Per i riminesi l’Adriatico è orgoglio, lavoro e soldi. C’è stato un tempo in cui, almeno fino agli anni Settanta, con l’arrivo della bella stagione ci si trasferiva in garage per fare spazio agli ospiti paganti nelle proprie case. Nella Disneyland per i turisti, i riminesi si ritagliano i loro spazi “interiori”, buoni per tutte le stagioni, come la palata alla darsena e la sirena del “nautofono” nelle giornate di nebbia. 

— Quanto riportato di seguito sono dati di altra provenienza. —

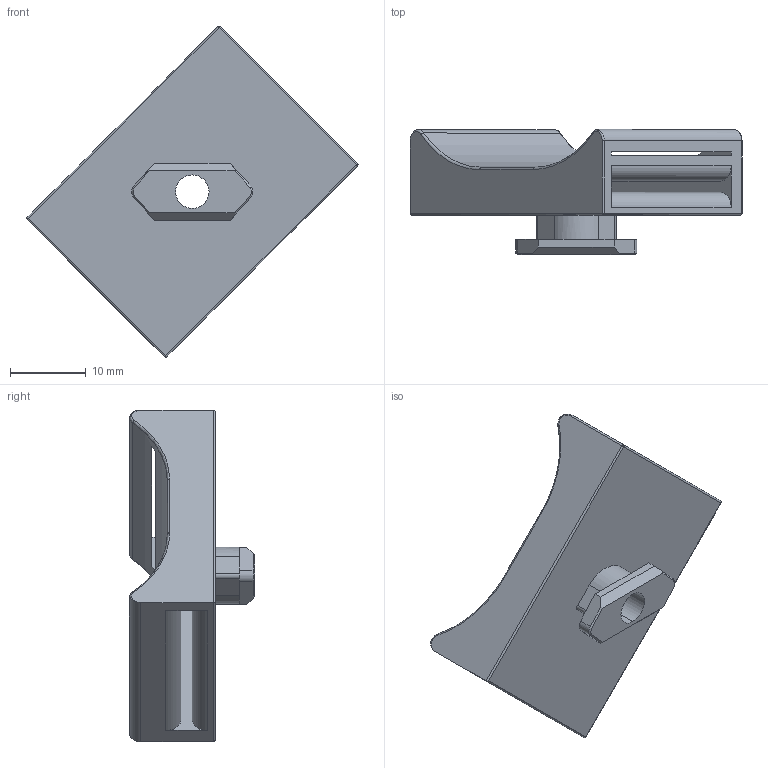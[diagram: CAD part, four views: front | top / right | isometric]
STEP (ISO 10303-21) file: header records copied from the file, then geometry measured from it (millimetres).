
FILE_DESCRIPTION (( 'STEP AP214' ), '1' );
FILE_NAME ('093803N08S01.STEP', '2019-07-23T09:24:38', ( '' ), ( '' ), 'SwSTEP 2.0', 'SolidWorks 2017', '' );
FILE_SCHEMA (( 'AUTOMOTIVE_DESIGN' ));
Length unit declared in the file: millimetre
Products named in the file (1): 093803N08S01
Bounding box: 43.76 x 16.49 x 43.76 mm (x, y, z)
Volume: 5879 mm3; surface area: 5091.6 mm2
Topology: 1 solids, 1 shells, 95 faces, 236 edges, 141 vertices
Faces by surface type: plane 34, cylinder 33, bspline 16, torus 8, cone 4
Entity records: 3084 total; most frequent: CARTESIAN_POINT 854, ORIENTED_EDGE 464, DIRECTION 461, EDGE_CURVE 232, AXIS2_PLACEMENT_3D 171, VERTEX_POINT 141, LINE 119, VECTOR 119
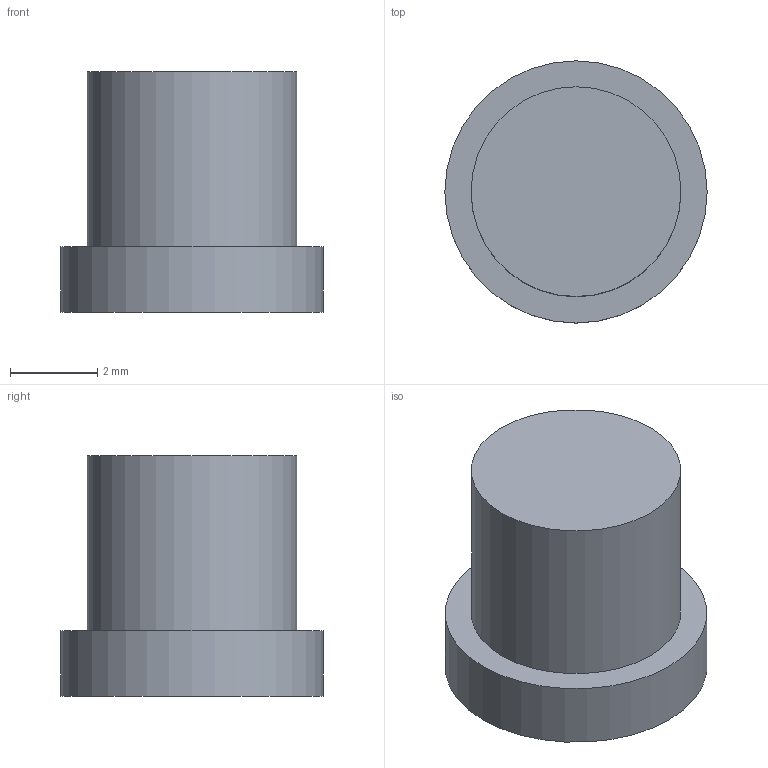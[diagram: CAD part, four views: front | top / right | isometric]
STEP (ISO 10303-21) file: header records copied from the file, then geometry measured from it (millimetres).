
FILE_DESCRIPTION(/* description */ (''),/* implementation_level */ '2;1');
FILE_NAME(/* name */ 'Pusher.step',/* time_stamp */ '2024-04-05T23:28:05+03:00',/* author */ (''),/* organization */ (''),/* preprocessor_version */ 'ST-DEVELOPER v20',/* originating_system */ 'Autodesk Translation Framework v12.20.1.177',/* authorisation */ '');
FILE_SCHEMA (('AUTOMOTIVE_DESIGN { 1 0 10303 214 3 1 1 }'));
Length unit declared in the file: millimetre
Products named in the file (1): SpaceInvadersCase
Bounding box: 6 x 6 x 5.5 mm (x, y, z)
Volume: 114.8 mm3; surface area: 145.1 mm2
Topology: 1 solids, 1 shells, 5 faces, 6 edges, 4 vertices
Faces by surface type: plane 3, cylinder 2
Full cylindrical faces by diameter (mm): 4.8 x1, 6 x1
Entity records: 147 total; most frequent: DIRECTION 22, CARTESIAN_POINT 16, ORIENTED_EDGE 12, AXIS2_PLACEMENT_3D 10, EDGE_LOOP 6, EDGE_CURVE 6, FACE_OUTER_BOUND 5, ADVANCED_FACE 5

Territorio a rischio infiltrazioni criminali (l’ultimo allarme è di Roberto Saviano) - perché per un mafioso è più facile mettere su un locale o un albergo che un’impresa più strutturata - possiede però gli anticorpi nella società civile per contrastarle. Nella Rimini degli anni Novanta, invasa da prostitute, per parlare di contrasti, c’era un santo a redimerle: don Oreste Benzi, a un passo dalla beatificazione. 

È storia di oggi la capacità di conciliare la “Notte Rosa” (Capodanno dell’estate, altra invenzione romagnola) perfino con le regole imposte dalla pandemia. S’indossa la mascherina rosa per poi tornare a casa con qualcosa da raccontare: “Io c’ero”. “Essere tristi a Rimini – dice lo scrittore Marco Missiroli - è come essere brutti a Parigi”. La malinconia è bandita: anche in epoca di distanziamento sociale qui, più che altrove, esiste la possibilità di immaginare un ritorno al futuro.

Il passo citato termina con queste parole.